[What you are asked to do]
Repeat the whole listing below precisely. Omit all pictures.

** Given data follows **

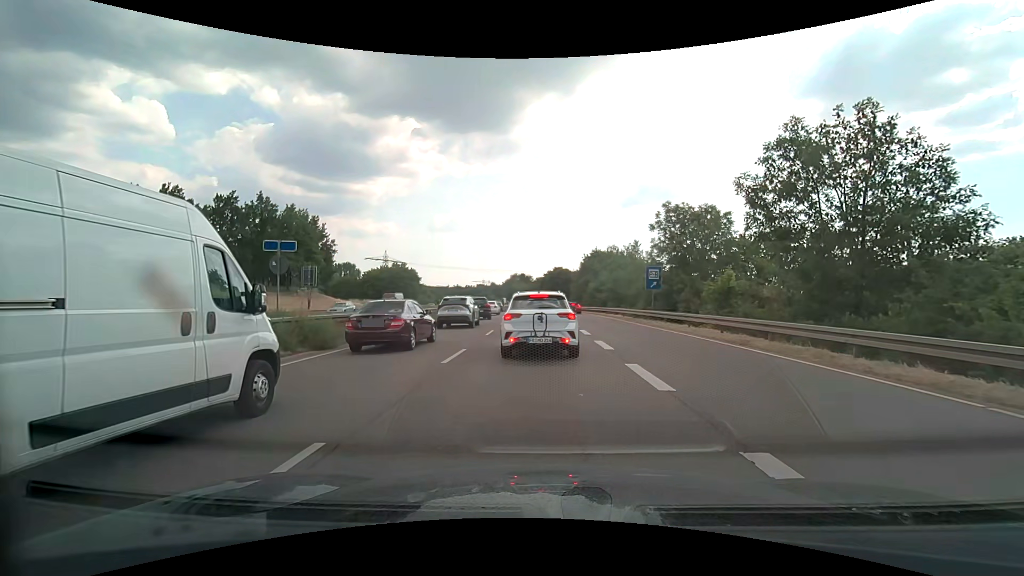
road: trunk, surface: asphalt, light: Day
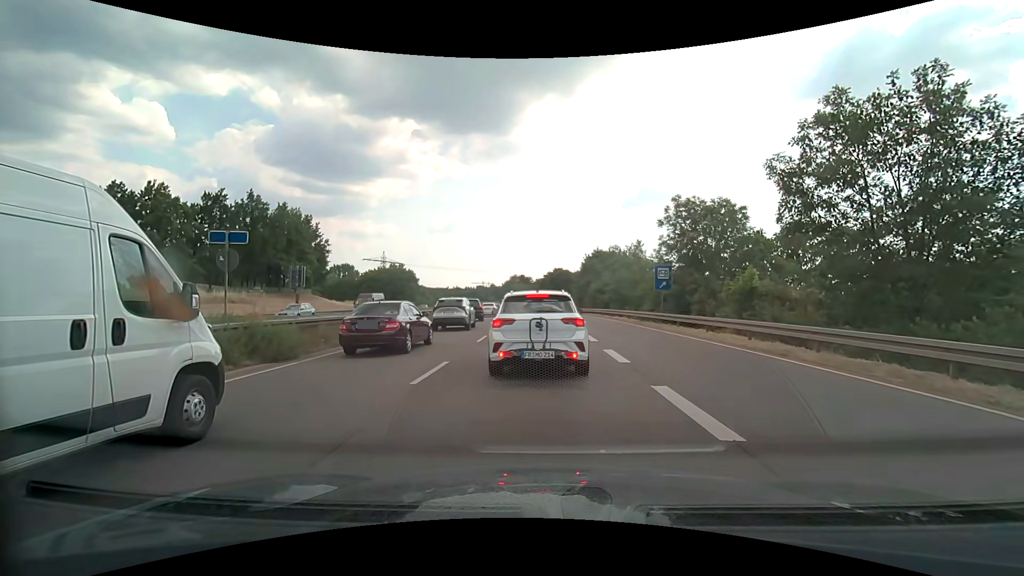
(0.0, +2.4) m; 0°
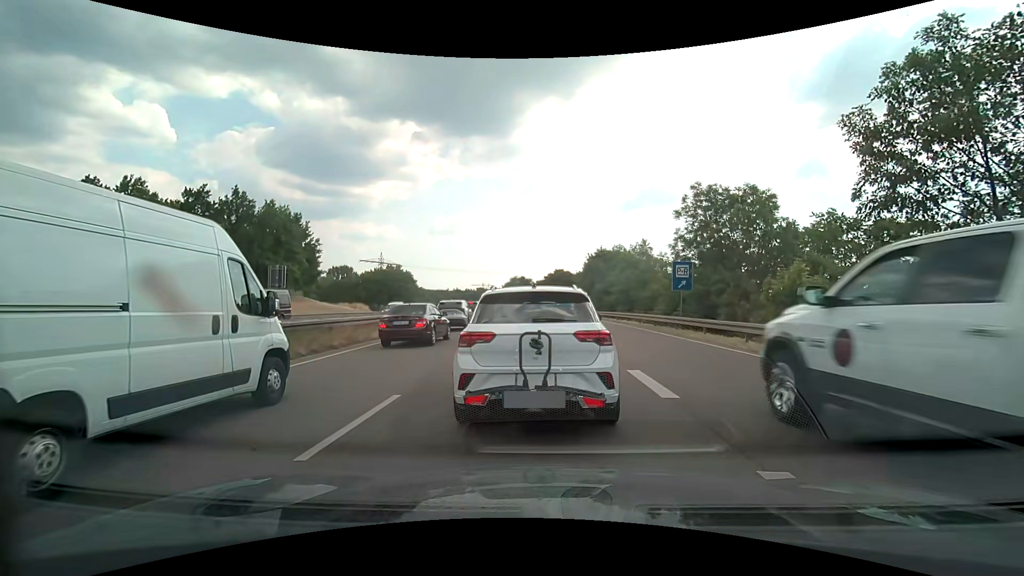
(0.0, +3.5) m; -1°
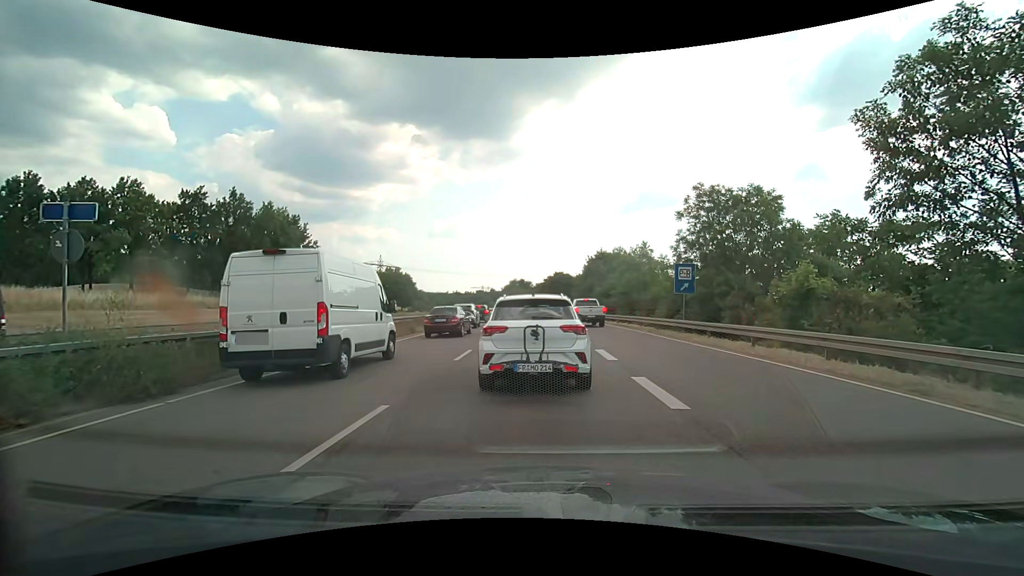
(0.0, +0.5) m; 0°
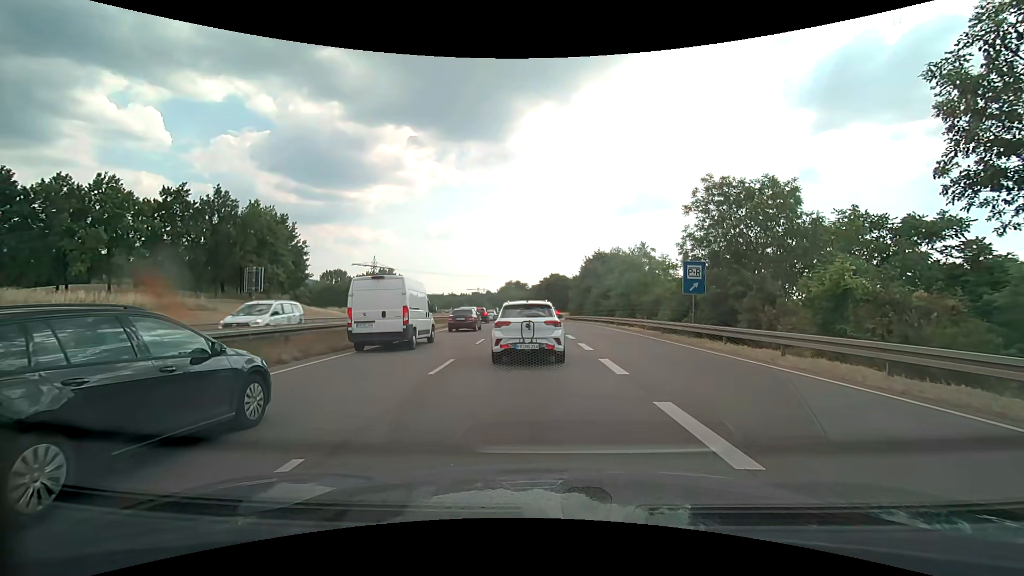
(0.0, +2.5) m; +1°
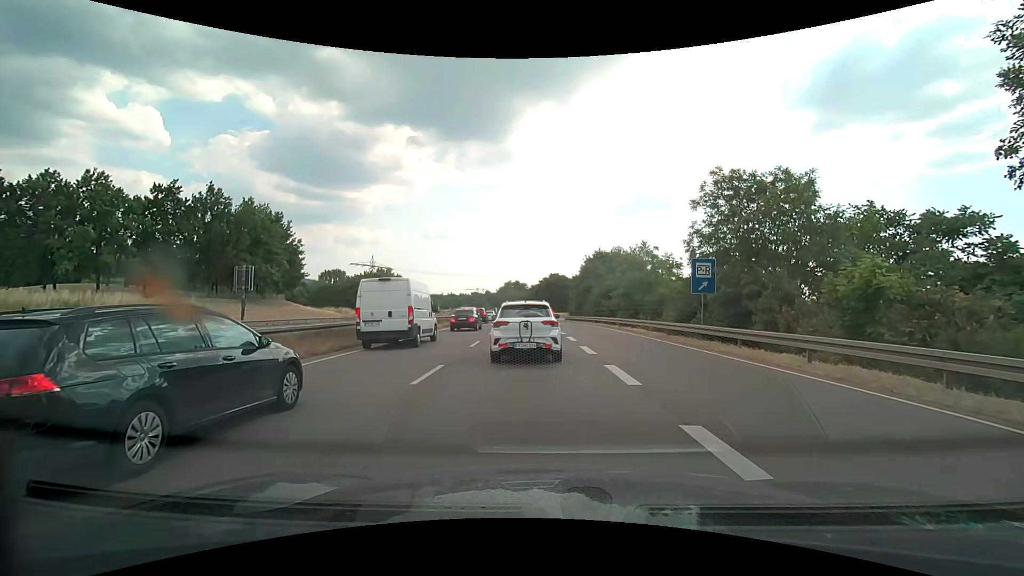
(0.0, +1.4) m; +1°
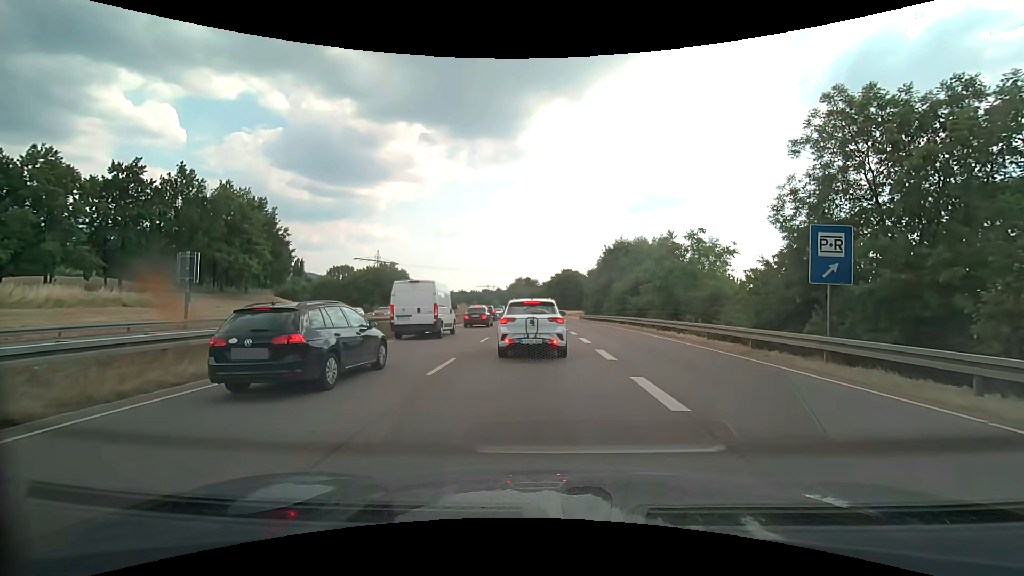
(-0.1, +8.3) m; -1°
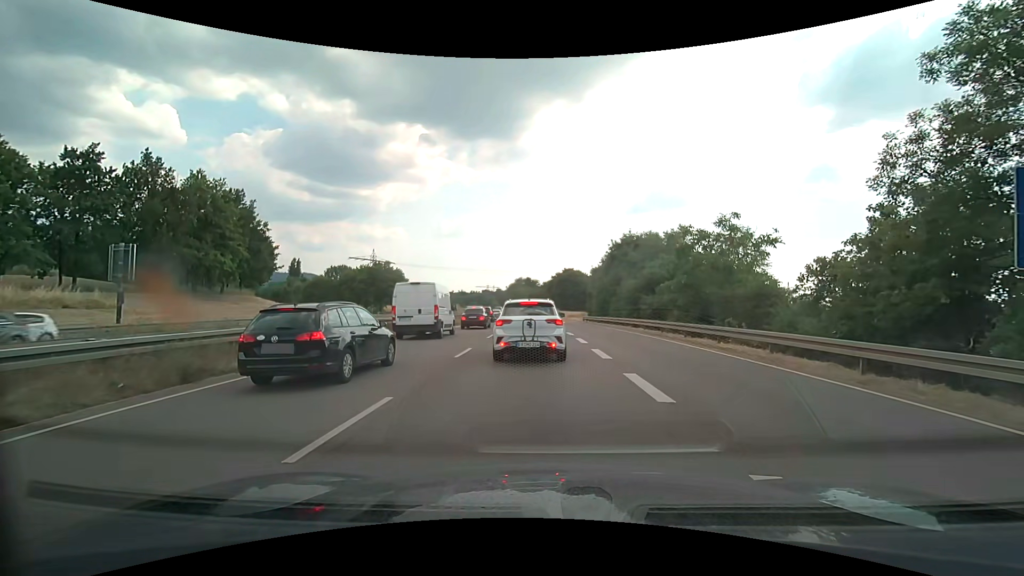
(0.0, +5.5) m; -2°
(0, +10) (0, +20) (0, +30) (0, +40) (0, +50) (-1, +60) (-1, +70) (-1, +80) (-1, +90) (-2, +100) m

** End of Given data **

[Answer to the problem]
road: trunk, surface: asphalt, light: Day
(0.0, +2.4) m; 0°
(0.0, +3.5) m; -1°
(0.0, +0.5) m; 0°
(0.0, +2.5) m; +1°
(0.0, +1.4) m; +1°
(-0.1, +8.3) m; -1°
(0.0, +5.5) m; -2°
(0, +10) (0, +20) (0, +30) (0, +40) (0, +50) (-1, +60) (-1, +70) (-1, +80) (-1, +90) (-2, +100) m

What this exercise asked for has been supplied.